Las diferencias también encontraron eco dentro del gabinete nacional. Luego de las declaraciones de la vicepresidenta, el jefe de Gabinete, Diego Santilli, consideró que Villarruel debería abandonar el cargo y comenzar un camino político propio. El funcionario sostuvo que, si pretende construir un espacio diferente, corresponde que dé un paso al costado y compita electoralmente desde otro lugar.

Esa postura coincidió con recientes declaraciones del diputado Miguel Ángel Pichetto, quien aseguró que la presidenta del Senado estaría trabajando en un proyecto político independiente con la mira puesta en las elecciones presidenciales de 2027, alejándose definitivamente del oficialismo.

Villarruel volvió a responder con dureza. Acusó a Santilli de representar a la «casta política» que, según sus palabras, fue derrotada por La Libertad Avanza en las elecciones de 2023. Además, sostuvo que sus declaraciones atentaban contra la institucionalidad y el orden republicano, al tiempo que le reclamó respetar la voluntad expresada por la ciudadanía en las urnas.

Consultado sobre el pedido de renuncia formulado por su jefe de Gabinete, Milei intentó minimizar el impacto de la controversia. Calificó la discusión como «irrelevante» y sostuvo que su administración continúa llevando adelante «el mejor gobierno de la historia», pese a la oposición que, según afirmó, ejerce la propia vicepresidenta desde el interior de la gestión.

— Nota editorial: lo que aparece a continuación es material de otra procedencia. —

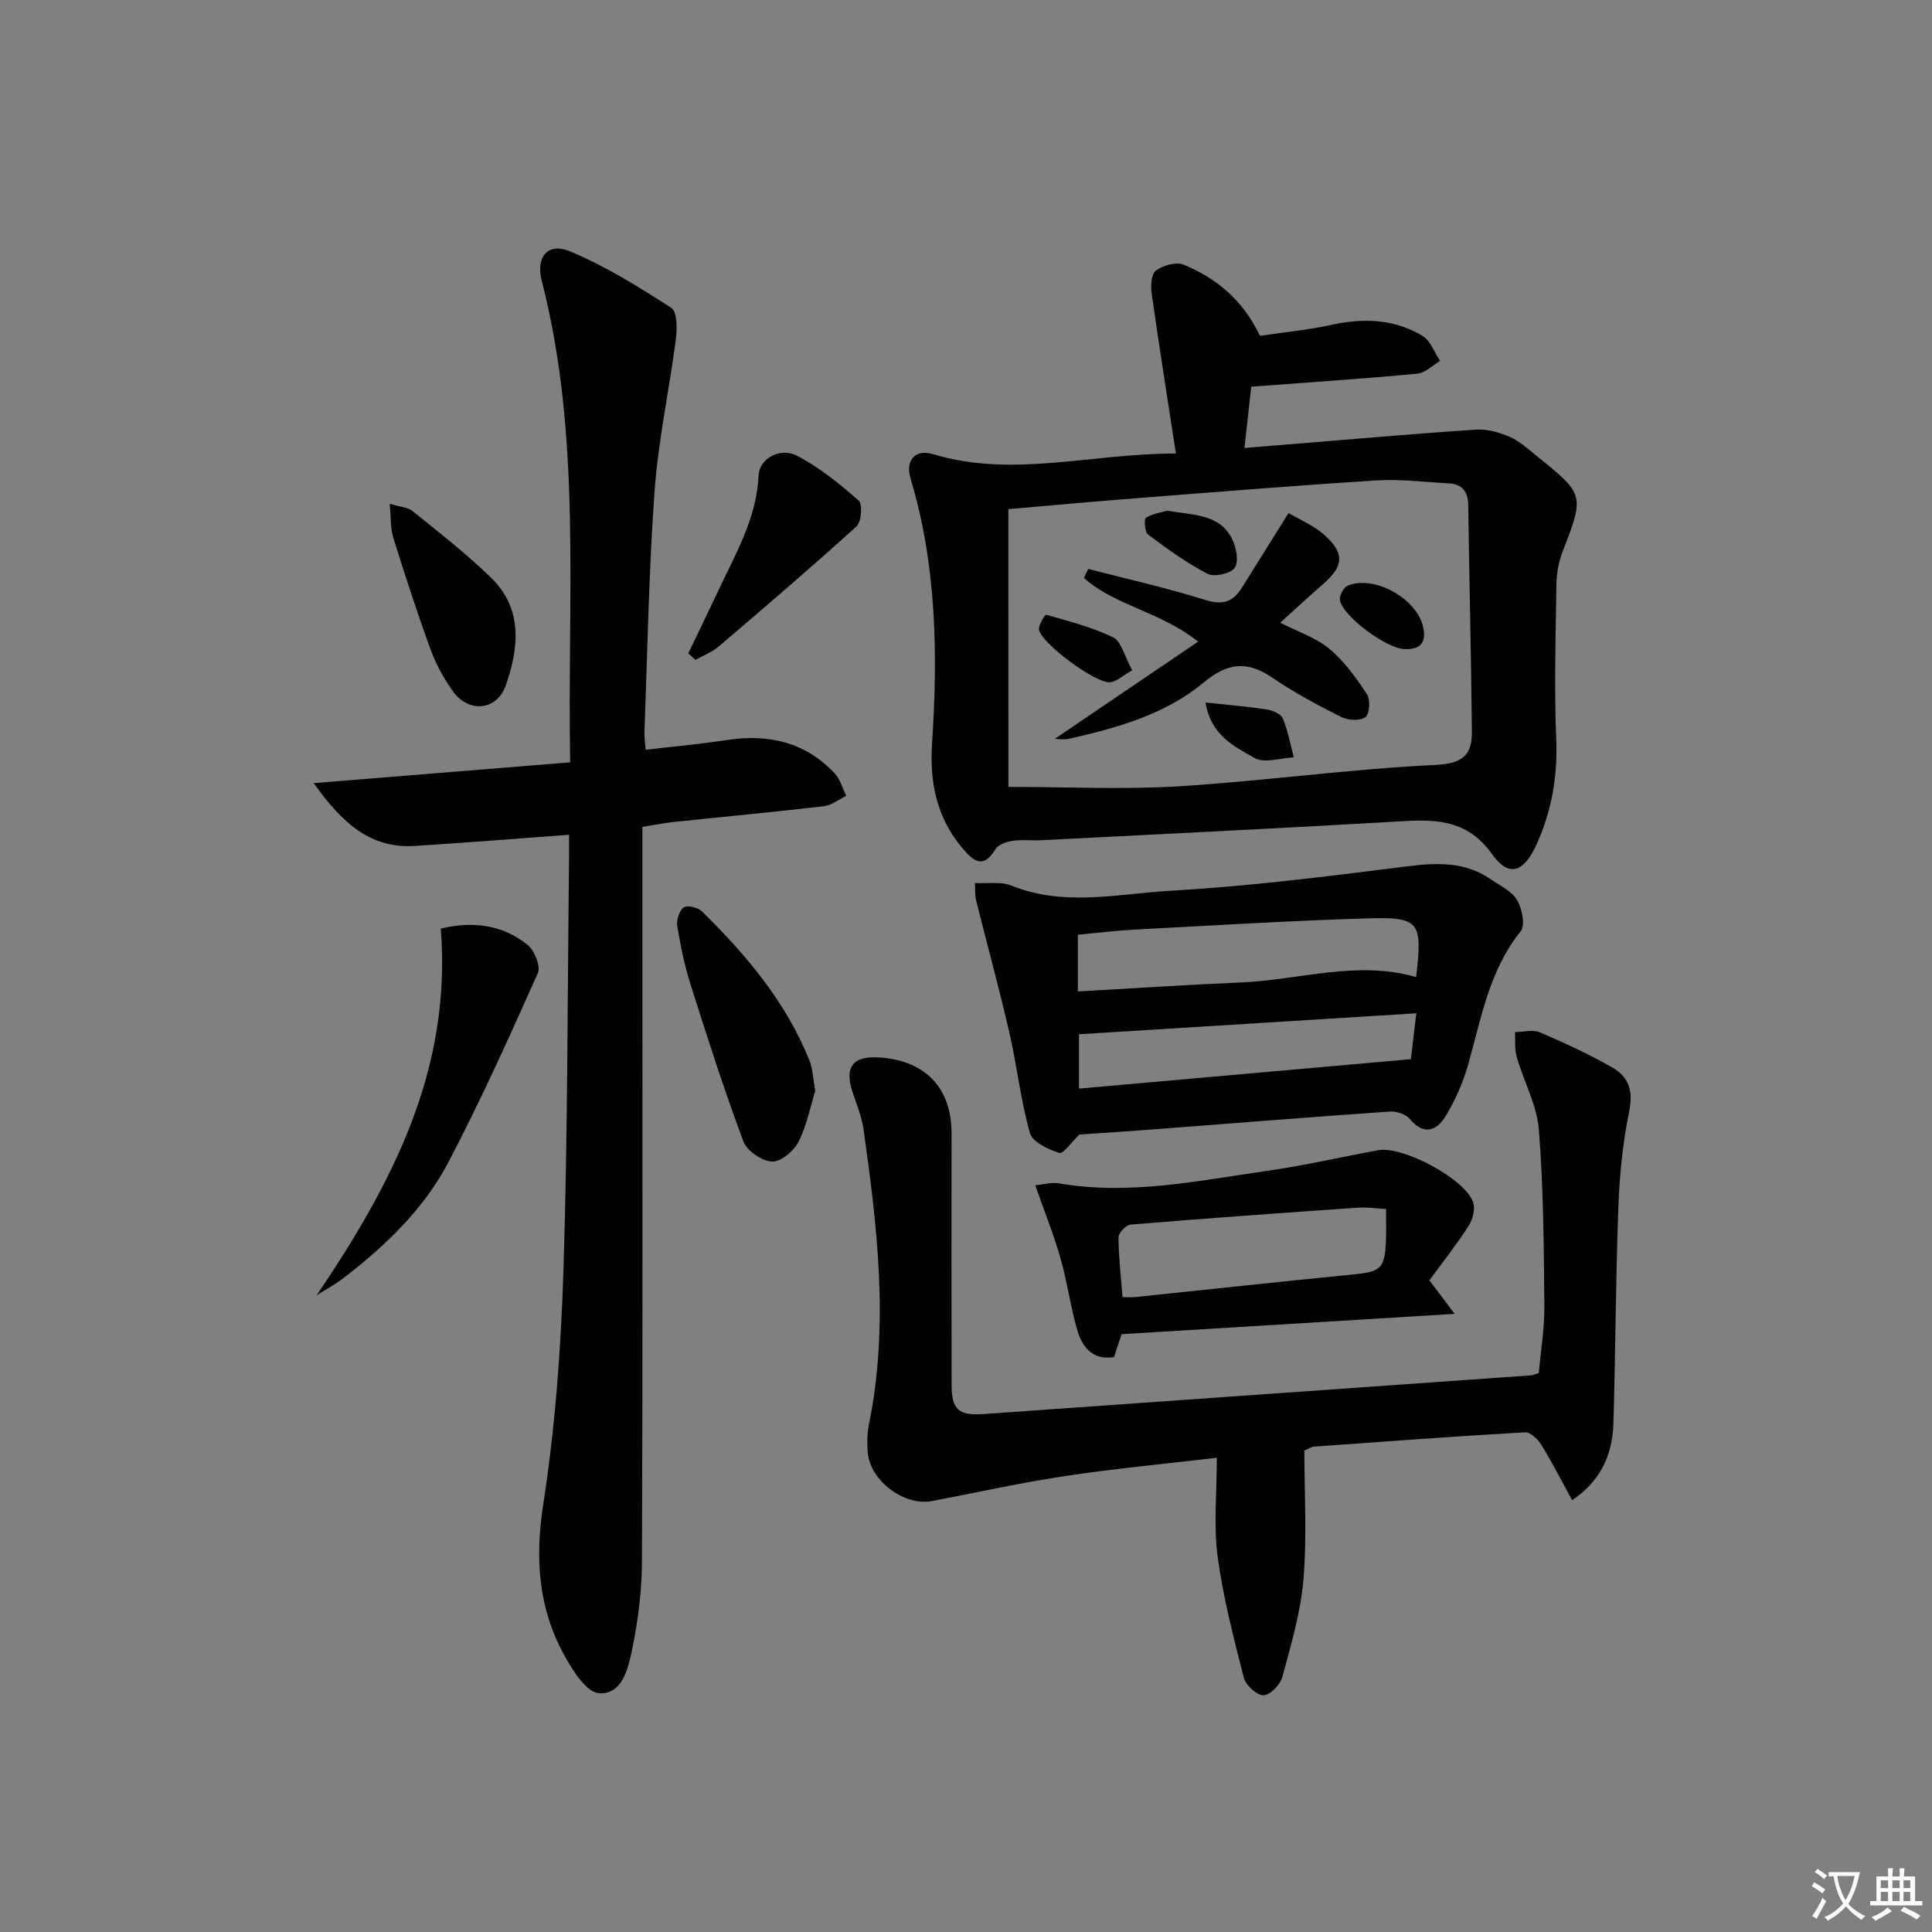 <svg enable-background="new 0 0 400 400" viewBox="0 0 400 400" xmlns="http://www.w3.org/2000/svg"><rect x="0" y="0" width="400" height="400" fill="#808080" stroke="none"/><path d="m377.9 391.2c-.2.3-.4.5-.6.8-.7-.6-1.4-1-2.2-1.5.2-.3.4-.5.5-.8.6.4 1.4.8 2.3 1.5zm-1.8 6.1c-.2-.2-.5-.4-.9-.6.4-.6.8-1.2 1.2-1.9s.7-1.3.9-1.9c.3.3.5.5.8.7-.7 1.3-1.4 2.6-2 3.7zm2.2-9c-.3.3-.5.5-.6.8-.6-.6-1.3-1.1-2-1.5.3-.3.5-.5.6-.7.6.5 1.3.9 2 1.4zm.3.2v-.9h2 4.5c-.3 1.3-.6 2.5-1 3.6s-.9 2.1-1.4 3c.4.5 1 1 1.6 1.4s1.2.8 1.9 1.1c-.3.2-.5.4-.8.8-.4-.3-1-.7-1.6-1.2s-1.2-1.1-1.6-1.6c-.5.6-1.1 1.1-1.7 1.6s-1.4.9-2.1 1.4c-.1-.3-.3-.5-.7-.8.6-.2 1.2-.5 1.9-1s1.4-1.1 2-1.8c-.5-.8-.9-1.6-1.2-2.5s-.6-2-.8-3.2c-.4.1-.7.1-1 .1zm2.5 2.7c.3 1 .7 1.7 1 2.2.3-.5.6-1.1 1-2s.6-1.9.9-3h-3.2-.4c.1.9.3 1.8.7 2.8z" fill="#fbfcfa"/><path d="m396.5 388.5v1.5 3.6h1.5v.9c-.4 0-1 0-1.7 0h-7.9c-.5 0-.9 0-1.2 0v-.9h1.3v-3.5c0-.7 0-1.2 0-1.6h2.4c0-.8 0-1.4 0-1.7h1c0 .3-.1.8-.1 1.7h1.5c0-.8 0-1.4 0-1.7h1c0 .3-.1.9-.1 1.7zm-8.2 9.2c-.2-.3-.5-.5-.8-.8.8-.3 1.4-.6 1.9-.9s1-.7 1.4-1.1c.3.3.6.5.9.8-1.6 1-2.8 1.6-3.4 2zm2.6-6.8v-1.6h-1.5v1.6zm0 2.7v-1.9h-1.5v1.9zm2.4-2.7v-1.6h-1.5v1.6zm0 2.7v-1.9h-1.5v1.9zm.2 2 .7-.8c.4.2.9.5 1.6.8s1.3.7 1.8 1c-.3.3-.5.6-.8.8-.4-.3-1.5-1-3.3-1.8zm2-4.7v-1.6h-1.4v1.6zm0 2.7v-1.9h-1.4v1.9z" fill="#fbfcfa"/><g fill="#010100"><path d="m118.05 157.83c-.64-34.25 2.46-67.31-5.9-99.74-1.25-4.87 1.26-7.95 5.78-6.08 7.39 3.05 14.31 7.39 21.07 11.74 1.22.79 1.21 4.32.93 6.47-1.36 10.51-3.65 20.94-4.41 31.49-1.2 16.58-1.46 33.23-2.1 49.86-.04.98.13 1.96.25 3.66 5.74-.67 11.29-1.17 16.78-2.01 8.62-1.32 16.26.39 22.36 6.9 1.15 1.22 1.61 3.08 2.4 4.65-1.54.74-3.03 1.96-4.64 2.15-10.4 1.21-20.83 2.18-31.24 3.28-1.96.21-3.91.61-6.33 1v21.08c0 43.66.08 87.32-.09 130.98-.02 6.1-.8 12.28-2.04 18.25-.81 3.87-2.01 9.4-6.88 9.05-2.57-.18-5.38-4.65-7.09-7.74-5.42-9.77-6.17-20.01-4.44-31.26 2.48-16.05 3.69-32.38 4.2-48.63.89-28.12.82-56.28 1.15-84.42.02-1.78 0-3.57 0-5.68-11.07.81-21.49 1.66-31.92 2.31-9.24.58-15.06-4.76-20.94-13 18.26-1.48 35.43-2.87 53.1-4.31z"/><path d="m243.46 93.9c-1.78-11.59-3.5-22.37-5.02-33.17-.22-1.57-.07-4.04.89-4.73 1.49-1.07 4.18-1.83 5.73-1.2 6.72 2.78 12.21 7.2 15.8 14.73 4.81-.72 9.92-1.2 14.89-2.29 6.59-1.44 12.94-1.18 18.74 2.28 1.66.99 2.47 3.42 3.67 5.2-1.57.92-3.08 2.49-4.72 2.65-11.22 1.05-22.46 1.79-34.38 2.69-.39 3.56-.86 7.76-1.41 12.68 3.68-.3 6.73-.54 9.78-.79 12.72-1.03 25.44-2.16 38.17-3 2.32-.15 4.86.57 7.03 1.52 2.08.92 3.85 2.59 5.67 4.05 9.78 7.87 9.74 7.99 5.21 19.71-.82 2.11-1.23 4.51-1.27 6.78-.16 10.66-.48 21.33-.04 31.97.31 7.67-.89 14.77-4.03 21.75-2.61 5.8-5.69 7.11-9.25 2.12-4.82-6.76-10.9-7.27-18.1-6.85-25.04 1.46-50.1 2.67-75.16 3.96-1.99.1-4.03-.17-5.98.12-1.27.19-2.98.75-3.56 1.71-2.53 4.16-4.51 2.6-6.83-.15-5.4-6.37-6.85-13.68-6.31-21.87 1.21-18.43.93-36.8-4.47-54.73-1.09-3.61.87-6.16 4.68-5.01 16.5 4.99 32.8-.18 50.27-.13zm-34.68 69.02c12.49 0 23.96.58 35.36-.13 17.7-1.11 35.32-3.57 53.02-4.42 5.67-.27 7.63-2.03 7.58-6.88-.15-15.63-.54-31.26-.76-46.9-.04-2.88-1.28-4.38-4.11-4.52-4.96-.26-9.96-.91-14.89-.6-16.75 1.05-33.47 2.41-50.2 3.72-8.87.69-17.72 1.51-26.01 2.22.01 19.59.01 38.7.01 57.51z"/><path d="m251.93 301.81c-10.92 1.29-21.31 2.26-31.61 3.82-9.17 1.38-18.24 3.42-27.36 5.15-5.73 1.09-12.79-4.17-13.3-10.04-.17-1.97-.13-4.04.27-5.97 4.15-20.43 1.71-40.72-1.15-61-.37-2.59-1.42-5.1-2.25-7.61-1.76-5.27.04-7.61 5.62-7.22 9.53.67 14.87 6.36 14.86 15.75-.02 17.33-.03 34.65.01 51.98.01 5.22 1.44 6.46 6.66 6.09 37.78-2.67 75.56-5.34 113.34-8.01.32-.02.63-.19 1.57-.48.39-4.47 1.2-9.21 1.15-13.94-.11-12.14-.17-24.31-1.13-36.4-.41-5.13-3.14-10.06-4.61-15.15-.46-1.59-.24-3.39-.33-5.09 1.72-.02 3.68-.58 5.13.04 5.16 2.21 10.3 4.56 15.15 7.37 3.22 1.86 4.22 4.79 3.37 8.93-1.33 6.46-2 13.13-2.25 19.74-.56 14.96-.59 29.94-1.03 44.91-.21 7.02-3.01 12.18-8.54 15.92-2.14-3.9-4.13-7.8-6.42-11.52-.7-1.14-2.25-2.6-3.33-2.54-14.59.84-29.17 1.92-43.75 2.97-.46.03-.9.36-1.95.81 0 8.75.56 17.75-.18 26.65-.57 6.83-2.59 13.58-4.38 20.25-.43 1.59-2.55 3.77-3.9 3.77-1.41 0-3.67-2.08-4.07-3.64-2.12-8.3-4.29-16.65-5.43-25.12-.84-6.36-.16-12.93-.16-20.42z"/><path d="m223.47 234.89c-1.63 1.56-3.35 4.08-4.16 3.82-2.3-.74-5.54-2.25-6.07-4.12-1.93-6.82-2.69-13.95-4.28-20.87-2.11-9.16-4.6-18.24-6.88-27.36-.23-.93-.14-1.93-.24-3.54 2.7.15 5.39-.35 7.52.52 10.92 4.43 22.08 1.71 33.03 1.08 15.4-.88 30.76-2.76 46.07-4.69 7.05-.89 13.88-2.04 20.2 2.33 1.91 1.32 4.33 2.42 5.42 4.26 1.05 1.78 1.76 5.25.76 6.49-6.54 8.14-8.16 18.02-10.87 27.58-1.07 3.77-2.71 7.51-4.77 10.84-1.78 2.87-4.44 3.89-7.27.48-.84-1.01-2.78-1.67-4.15-1.58-15.91 1.1-31.81 2.39-47.72 3.6-5.59.44-11.19.79-16.59 1.16zm-.31-29.62c11.62-.65 22.69-1.4 33.77-1.86 12.09-.51 24.06-4.66 36.27-1.11 1.33-11.57.79-12.5-10.44-12.15-15.92.49-31.84 1.47-47.75 2.31-3.92.21-7.82.69-11.85 1.06zm70.07 4.52c-23.9 1.48-46.83 2.91-69.84 4.34v11.25c22.95-2.03 45.51-4.03 68.72-6.09.28-2.33.64-5.39 1.12-9.5z"/><path d="m295.94 265.08c1.8 2.39 3.12 4.15 5.22 6.94-23.76 1.45-46.23 2.82-68.95 4.21-.48 1.45-.98 2.98-1.56 4.75-4.64.69-6.69-2.24-7.72-5.94-1.34-4.79-2-9.76-3.37-14.54-1.4-4.9-3.31-9.65-5.22-15.1 1.58-.14 3.34-.67 4.96-.39 14.57 2.5 28.8-.57 43.07-2.6 7.71-1.1 15.32-2.87 22.98-4.27 5.08-.93 17.92 5.9 19.64 10.74.49 1.38-.07 3.58-.92 4.91-2.5 3.89-5.38 7.54-8.13 11.29zm-8.98-14.77c-2.22-.12-4.01-.4-5.77-.28-15.71 1.09-31.42 2.21-47.12 3.51-.94.08-2.5 1.71-2.5 2.62.03 4.1.51 8.19.84 12.4.99 0 1.8.07 2.59-.01 15-1.56 29.99-3.2 45-4.67 5.97-.59 6.72-1.16 6.95-7.27.08-1.95.01-3.91.01-6.3z"/><path d="m65.56 268.18c15.61-23.1 28.02-46.68 25.7-75.93 6.34-1.51 12.64-.97 18 3.41 1.42 1.16 2.72 4.42 2.09 5.83-5.88 13.17-11.82 26.35-18.51 39.13-5.08 9.69-12.98 17.24-21.62 23.91-1.78 1.37-3.77 2.44-5.66 3.65z"/><path d="m168.79 225.84c-.96 3.11-1.72 7.09-3.47 10.56-.96 1.91-3.68 4.19-5.49 4.09-2.11-.11-5.19-2.22-5.93-4.19-3.99-10.7-7.48-21.59-10.93-32.48-1.25-3.94-2.08-8.04-2.75-12.12-.2-1.23.42-3.17 1.34-3.83.73-.52 2.93 0 3.75.8 9.19 9.03 17.43 18.79 22.3 30.94.66 1.65.7 3.55 1.18 6.23z"/><path d="m142.5 135.28c2.09-4.37 4.22-8.73 6.28-13.12 3.57-7.62 7.89-14.92 8.28-23.73.16-3.52 4.48-5.91 8.04-4.03 4.6 2.42 8.76 5.79 12.68 9.24.84.74.57 4.41-.45 5.34-9.33 8.47-18.92 16.67-28.51 24.85-1.39 1.19-3.21 1.87-4.83 2.79-.49-.44-.99-.89-1.49-1.34z"/><path d="m80.68 104.3c2.15.66 3.75.71 4.75 1.52 5.53 4.48 11.19 8.86 16.27 13.82 6.6 6.45 5.73 14.49 3.01 22.28-1.82 5.21-7.66 5.77-10.93 1.21-1.91-2.66-3.54-5.65-4.66-8.73-2.77-7.6-5.27-15.3-7.68-23.03-.61-1.94-.47-4.12-.76-7.07z"/><path d="m218.37 152.98c9.64-6.54 19.32-13.11 29.69-20.14-7.81-6.23-17.2-7.4-23.65-13.19.3-.62.59-1.24.89-1.86 8.1 2.1 16.29 3.93 24.26 6.43 3.58 1.13 5.72.41 7.54-2.51 3.04-4.88 6.09-9.75 9.68-15.49 2.2 1.32 5.28 2.58 7.59 4.69 4.11 3.74 3.76 6.37-.44 10.02-2.88 2.5-5.67 5.1-8.87 8 3.62 1.85 7.36 3.07 10.18 5.41 3.08 2.55 5.53 5.99 7.76 9.37.75 1.13.59 4.07-.28 4.74-1.06.83-3.59.72-4.98.02-4.89-2.46-9.77-5.06-14.29-8.14-5.27-3.59-9.29-3.15-14.32 1.03-7.93 6.59-17.87 9.34-27.81 11.6-1.03.22-2.16.02-2.95.02z"/><path d="m241.7 105.73c5.37.98 10.8.6 13.42 5.91.85 1.73 1.4 4.63.51 5.92-.83 1.21-4.22 1.96-5.62 1.24-4.35-2.25-8.37-5.18-12.31-8.13-.69-.52-.89-3.17-.43-3.47 1.39-.89 3.22-1.12 4.43-1.47z"/><path d="m249.6 145.45c4.69.51 8.72.83 12.69 1.44 1.2.19 2.91.91 3.3 1.84 1.07 2.56 1.56 5.36 2.28 8.07-2.75.12-6.1 1.3-8.11.14-4.12-2.37-9.08-4.64-10.16-11.49z"/><path d="m290.78 134.38c-3.66-.07-12.7-6.7-13.36-10.11-.17-.9.73-2.63 1.56-2.99 5.47-2.34 14.37 2.62 15.67 8.52.72 3.24-.59 4.73-3.87 4.58z"/><path d="m234.41 138.77c-1.85 1.04-3.17 2.35-4.6 2.48-2.94.28-14.01-7.9-14.69-10.82-.22-.93 1.27-3.22 1.48-3.16 4.7 1.35 9.51 2.58 13.88 4.69 1.64.79 2.25 3.74 3.93 6.81z"/></g></svg>

Sin embargo, puertas adentro del Ejecutivo el panorama es muy distinto. La preocupación gira alrededor de lo que pueda ocurrir durante la sesión prevista en el Senado, donde la definición de la ley dependerá de un delicado equilibrio político. El oficialismo busca impedir que Villarruel tenga margen para influir en el desenlace, consciente de que su postura crítica respecto del proyecto podría convertirse en un serio obstáculo para los intereses del Gobierno.

El antecedente más cercano alimenta esas inquietudes. Durante el anterior intento fallido de aprobar la iniciativa, trascendieron conversaciones privadas de WhatsApp entre Villarruel y Patricia Bullrich. En esos mensajes, la vicepresidenta advertía que la propuesta implicaba «vender» o «rifar» el país y sostenía que el debate no debía avanzar en el Senado. Aquellas filtraciones terminaron de confirmar que las diferencias entre ambas eran profundas y que la vicepresidenta mantenía una posición irreconciliable con la estrategia impulsada por la Casa Rosada.

Con la confrontación política expuesta sin disimulos, acusaciones cruzadas entre las máximas autoridades del país y una votación legislativa de alto impacto en el horizonte, el conflicto entre Javier Milei y Victoria Villarruel dejó de ser una disputa interna para convertirse en uno de los principales focos de incertidumbre de la escena política nacional. La sesión del Senado será ahora el próximo capítulo de una relación rota que amenaza con seguir condicionando el rumbo del Gobierno.